北史卷八十二 列傳第七十儒林下 房暉遠

「五経庫」と称された考試の達人

  • 字は崇儒、恒山真定の人、代々儒学を伝える家柄。幼くして志行があり《三礼》《春秋三伝》《詩》《書》《周易》に明るく図緯にも通じ、遠方から千人単位の門徒が師事した。
  • 斉の南陽王綽が定州刺史の際、その名声を聞き博士に招いた。北周武帝の斉平定後、儒者を求める際に真っ先に応じ小学下士を拝した。
  • 隋文帝受禅後、太常博士に遷り、太常卿牛弘は常に「五経庫」と称賛し、吏部尚書韋世康の推薦で太学博士に遷り、鄭訳とともに楽章を修正、再び太常博士を経て国子博士に擢用された。
  • 通経の国子生を薦挙擢用する制度で、策問後に博士が優劣を決められずにいた際、祭酒元善に問われ「江南・河北で経義の解釈が異なり博士も全ては渉猟できない、学生も自らの得意を主張し博士も自信が持てないため決着しない」と答え、暉遠が判定を任されると、筆を執って躊躇なく採点し、不服な者には伝承の義疏を問うと始終を暗誦して非を明らかにしたため誰も詭弁を弄せなくなった。
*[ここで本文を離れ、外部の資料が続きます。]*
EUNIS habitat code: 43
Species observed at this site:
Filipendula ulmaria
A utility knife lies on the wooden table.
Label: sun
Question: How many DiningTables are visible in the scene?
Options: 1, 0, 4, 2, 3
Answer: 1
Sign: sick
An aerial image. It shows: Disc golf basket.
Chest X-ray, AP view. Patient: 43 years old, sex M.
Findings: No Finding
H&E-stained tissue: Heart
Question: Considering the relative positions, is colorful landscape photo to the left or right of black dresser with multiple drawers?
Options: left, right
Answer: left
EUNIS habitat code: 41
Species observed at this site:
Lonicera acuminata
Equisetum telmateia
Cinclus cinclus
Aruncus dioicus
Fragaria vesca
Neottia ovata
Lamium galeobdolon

四、五百人の試験を数日で終えたという。
  • 令式の修正にも参与した。文帝が「古来天子に女楽はあったか」と群臣に問うた際、楊素以下誰も答えられず「無い」と答えたが、暉遠は《詩》「窈窕淑女、鐘鼓楽之」を引いて王者の房中の楽であり無いとは言えないと反論し、帝は大いに喜んだ。仁寿中、官で卒し朝廷は嘆惜して手厚く弔い、員外散騎常侍を贈られた。